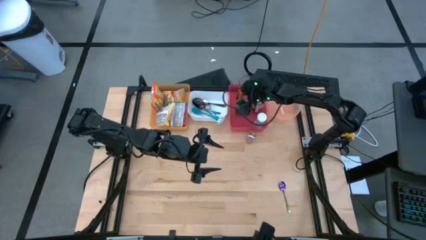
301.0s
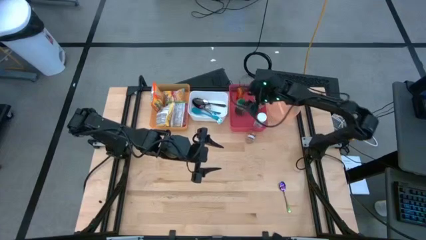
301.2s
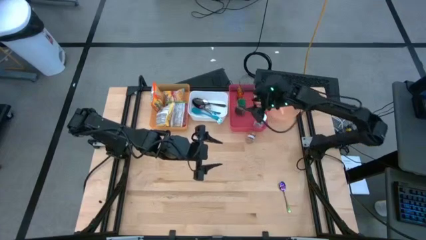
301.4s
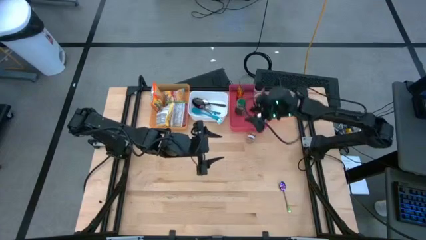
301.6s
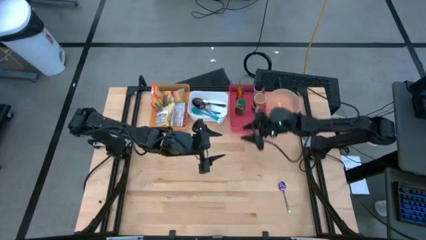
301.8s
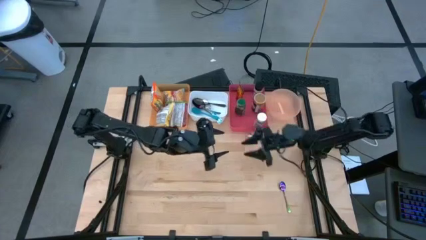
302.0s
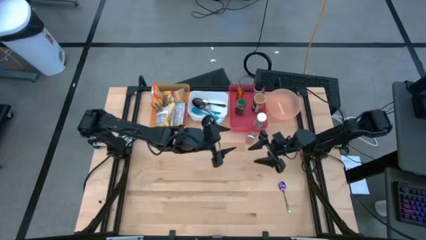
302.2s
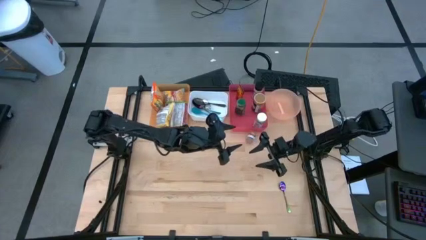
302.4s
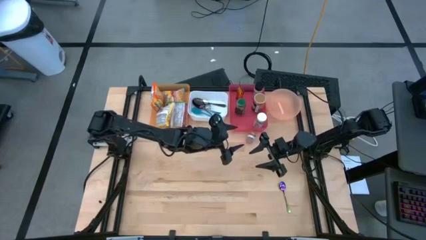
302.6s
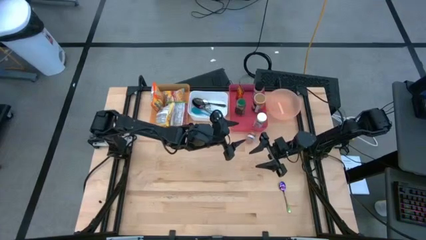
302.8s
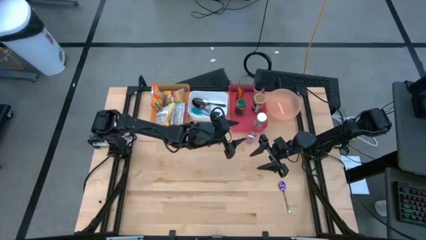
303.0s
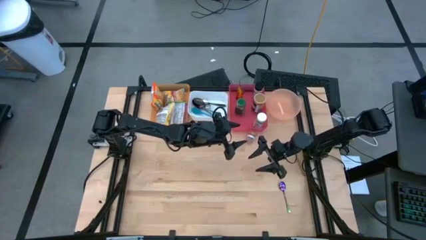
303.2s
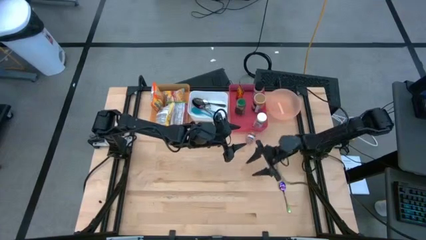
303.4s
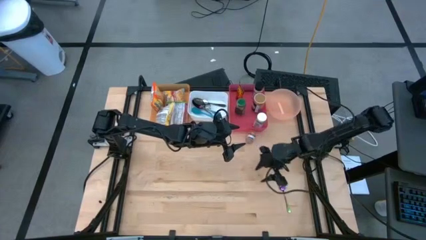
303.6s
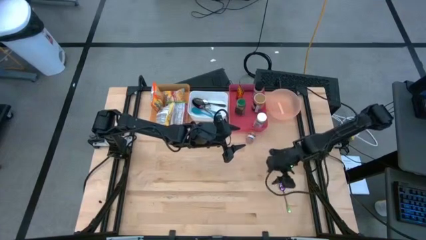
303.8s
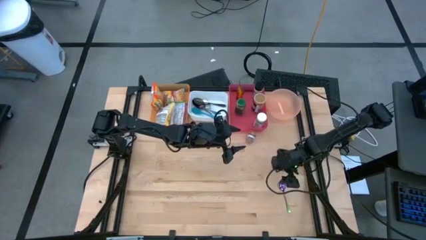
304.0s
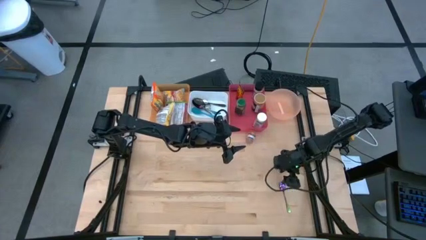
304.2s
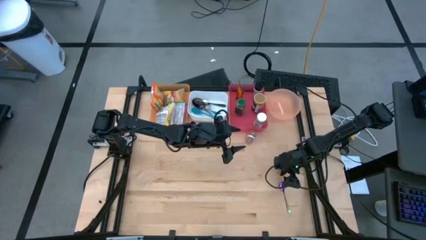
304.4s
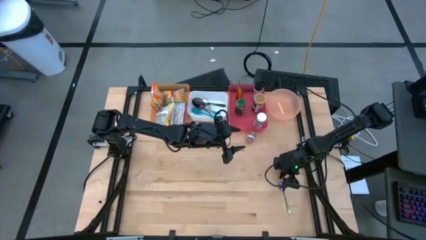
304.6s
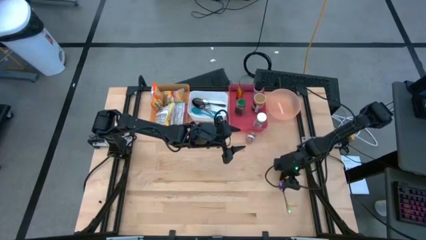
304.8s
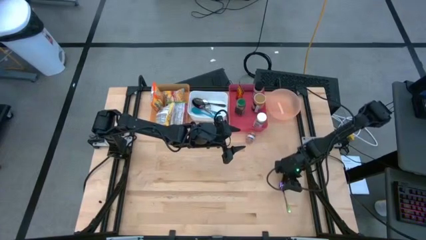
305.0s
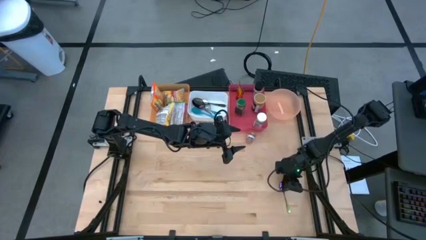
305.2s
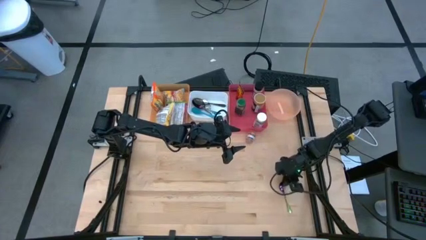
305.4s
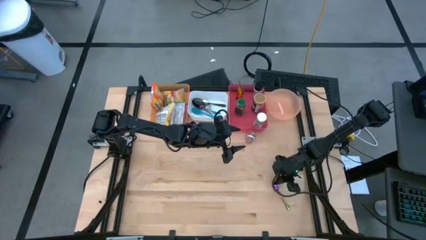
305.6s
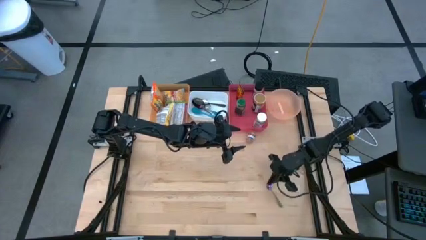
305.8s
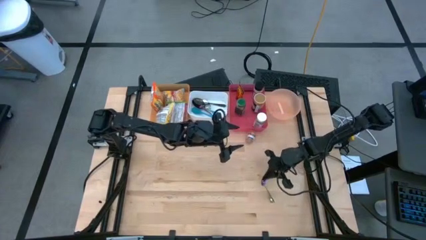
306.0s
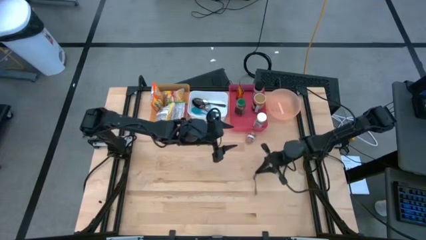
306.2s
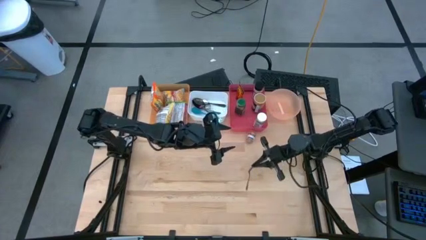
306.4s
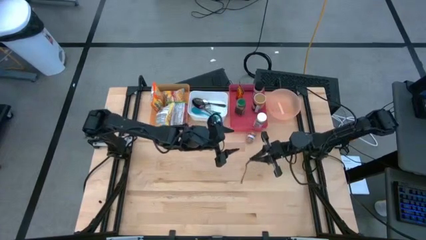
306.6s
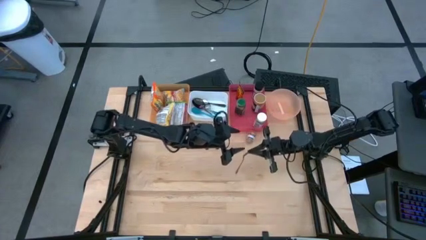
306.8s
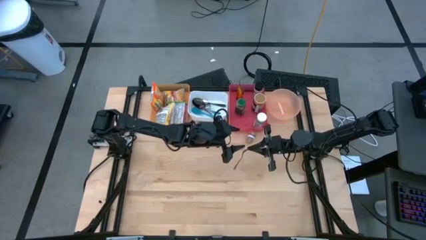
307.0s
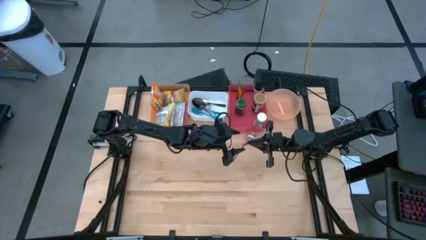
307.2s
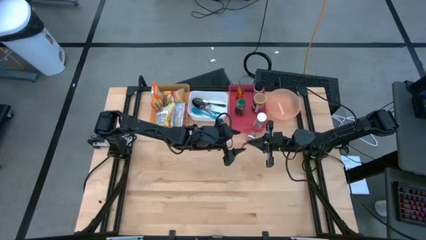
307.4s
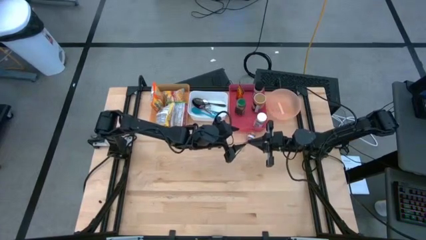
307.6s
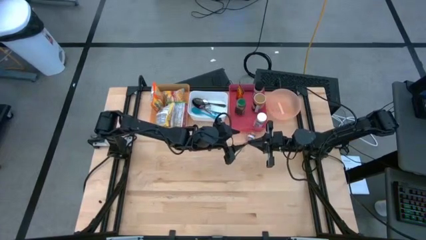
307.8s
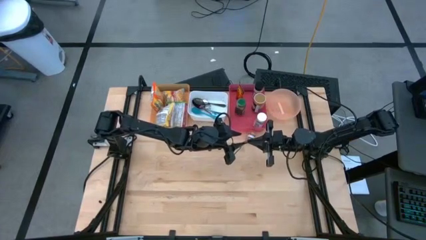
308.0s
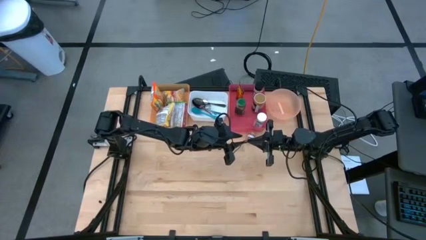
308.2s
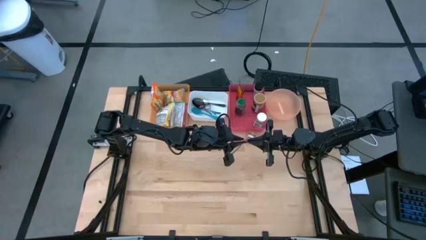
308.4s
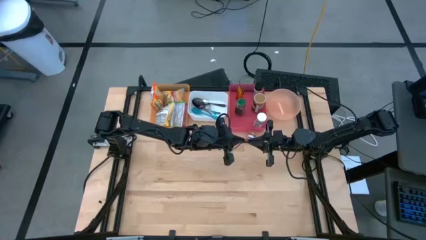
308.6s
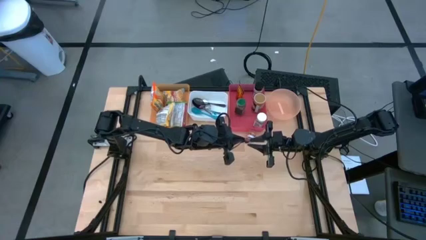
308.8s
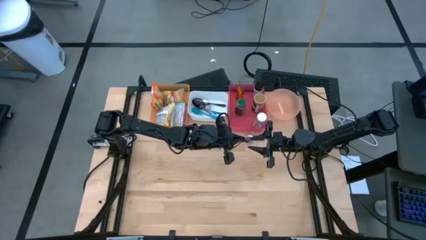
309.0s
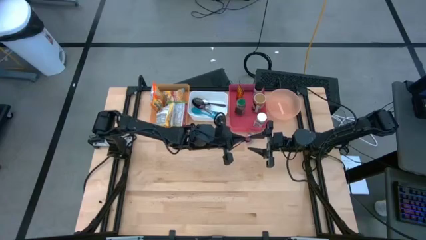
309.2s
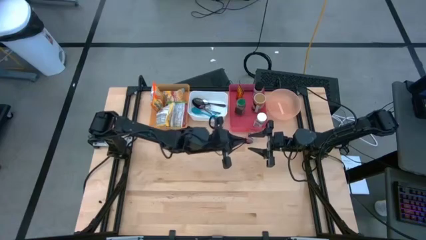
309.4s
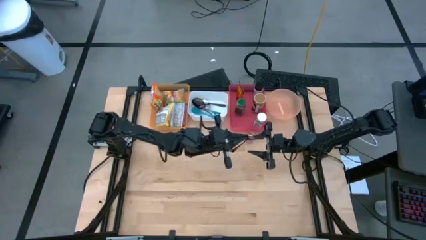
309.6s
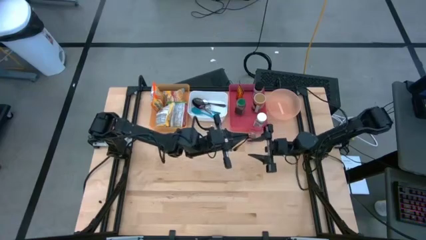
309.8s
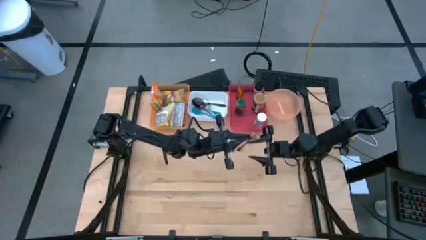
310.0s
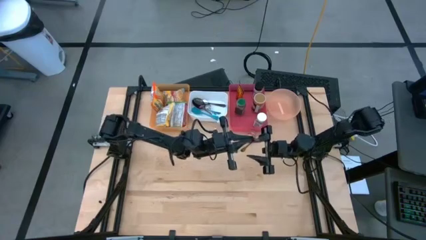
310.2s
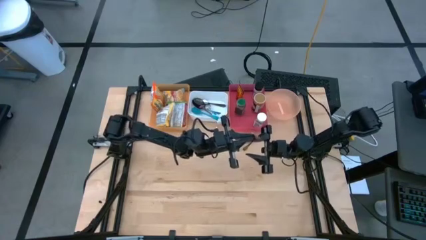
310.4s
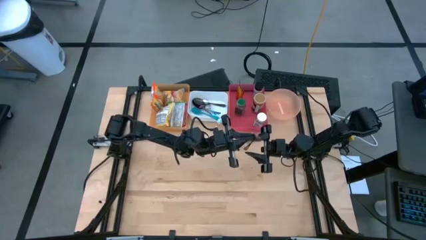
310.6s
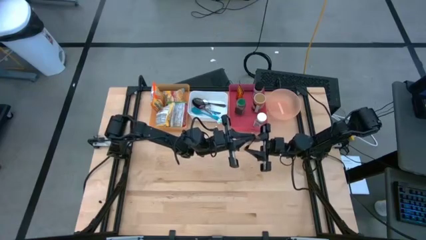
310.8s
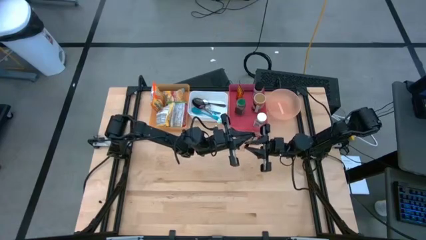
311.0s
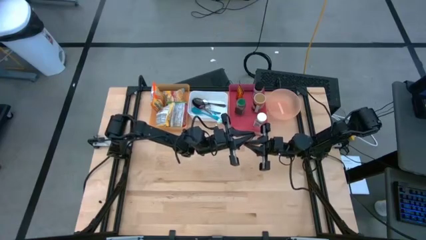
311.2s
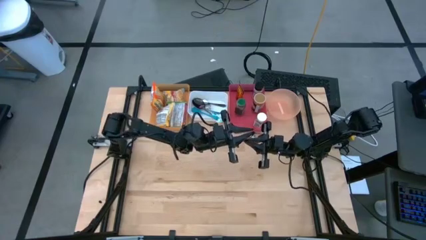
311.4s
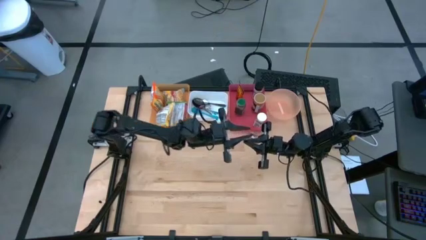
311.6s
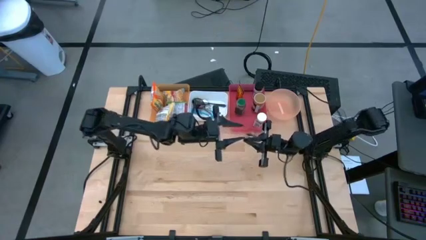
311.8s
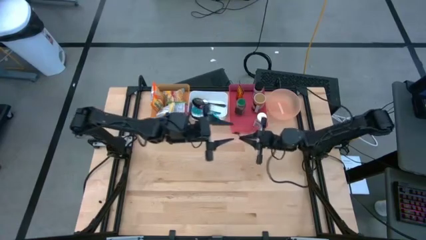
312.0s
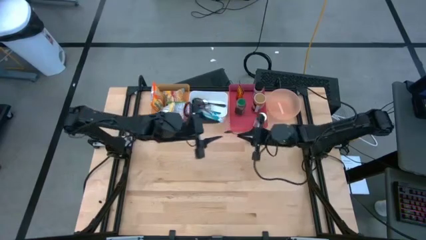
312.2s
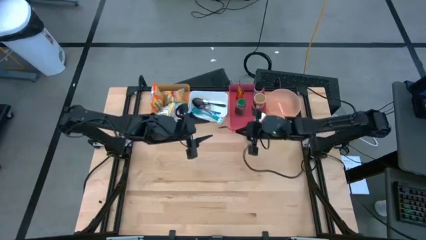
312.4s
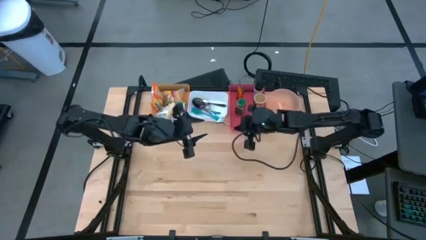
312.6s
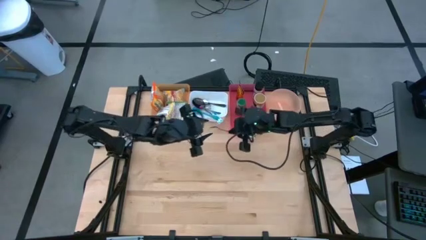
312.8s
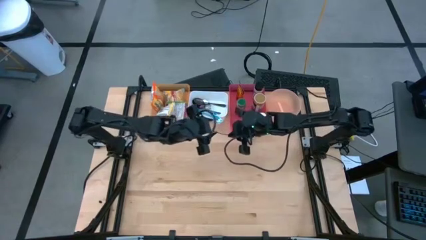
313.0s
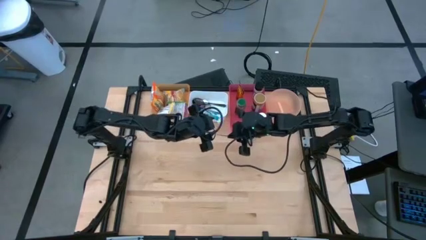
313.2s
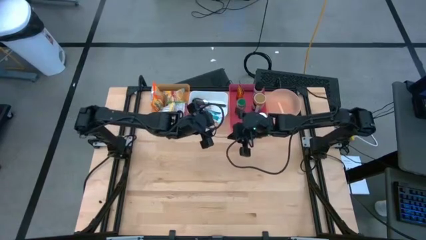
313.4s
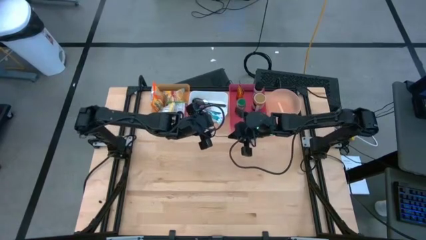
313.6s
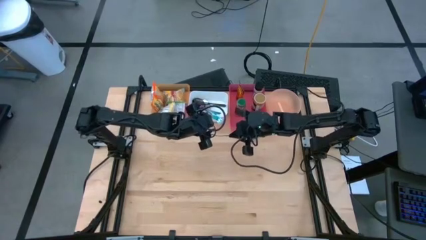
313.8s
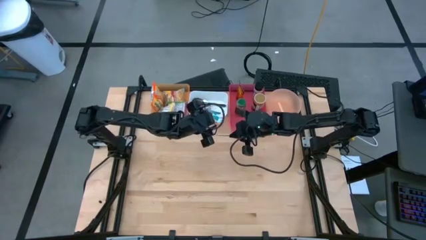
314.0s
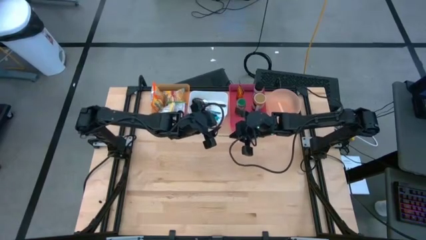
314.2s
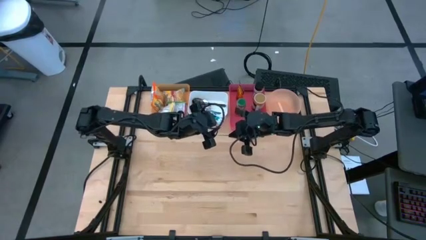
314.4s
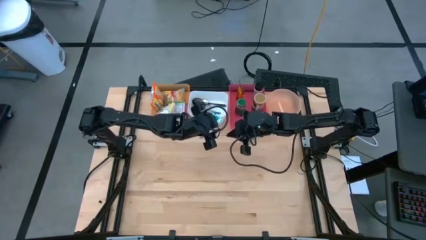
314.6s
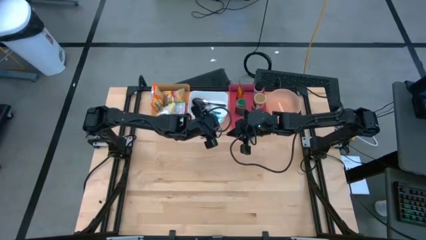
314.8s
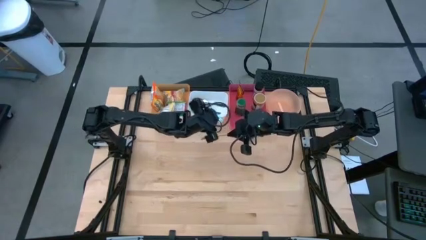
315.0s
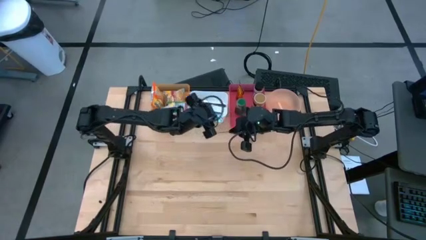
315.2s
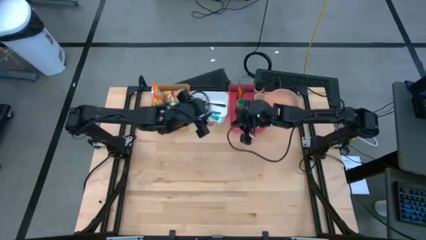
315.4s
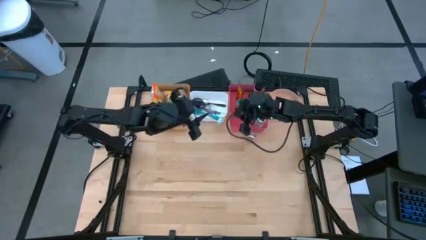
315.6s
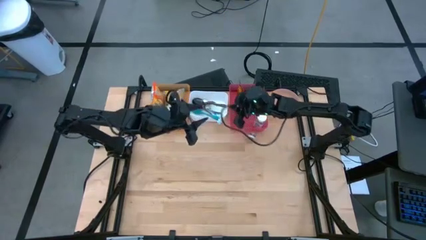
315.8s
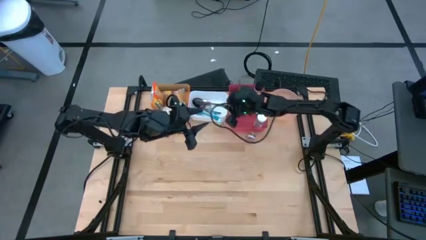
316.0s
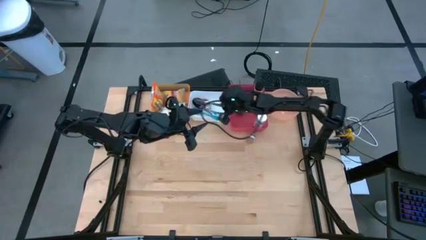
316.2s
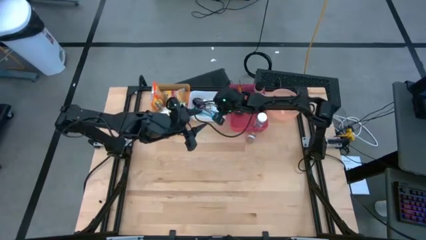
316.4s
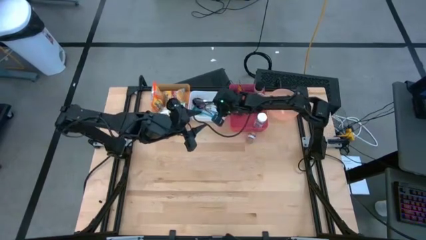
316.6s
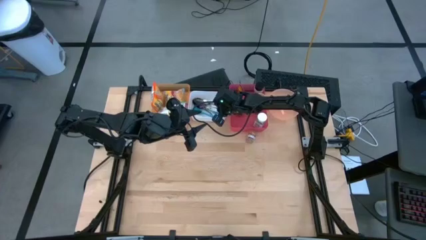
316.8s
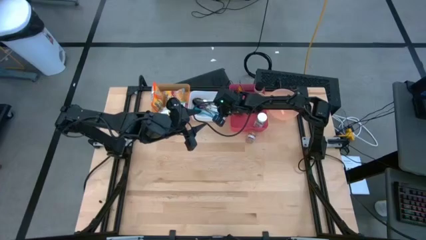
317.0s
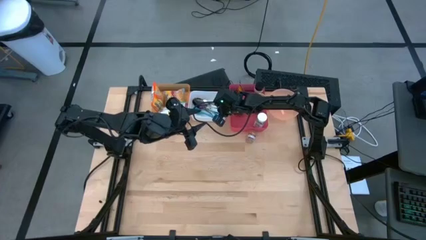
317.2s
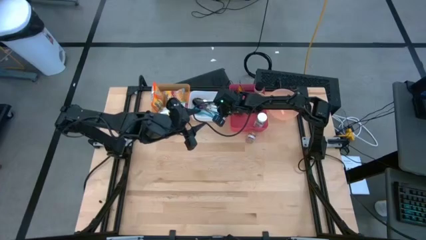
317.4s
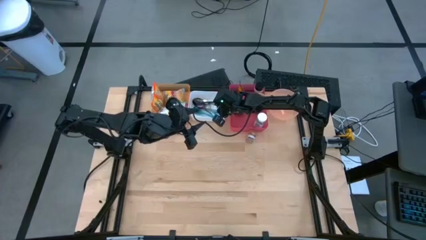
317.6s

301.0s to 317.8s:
Task: Pick & Place Food Item
Put the purple spoon into the white bin

- How to complete this task -
The expected answer is the complete set of entries, copied verbatim, with no pictures.

- Solution below -
301.0s
301.2s
301.4s
301.6s
301.8s
302.0s
302.2s
302.4s
302.6s
302.8s
303.0s
303.2s
303.4s
303.6s
303.8s
304.0s
304.2s
304.4s
304.6s
304.8s
305.0s
305.2s
305.4s
305.6s
305.8s
306.0s
306.2s
306.4s
306.6s
306.8s
307.0s
307.2s
307.4s
307.6s
307.8s
308.0s
308.2s
308.4s
308.6s
308.8s
309.0s
309.2s
309.4s
309.6s
309.8s
310.0s
310.2s
310.4s
310.6s
310.8s
311.0s
311.2s
311.4s
311.6s
311.8s
312.0s
312.2s
312.4s
312.6s
312.8s
313.0s
313.2s
313.4s
313.6s
313.8s
314.0s
314.2s
314.4s
314.6s
314.8s
315.0s
315.2s
315.4s
315.6s
315.8s
316.0s
316.2s
316.4s
316.6s
316.8s
317.0s
317.2s
317.4s
317.6s

301.0s to 317.8s:
Task: Pick & Place Food Item
Put the purple spoon into the white bin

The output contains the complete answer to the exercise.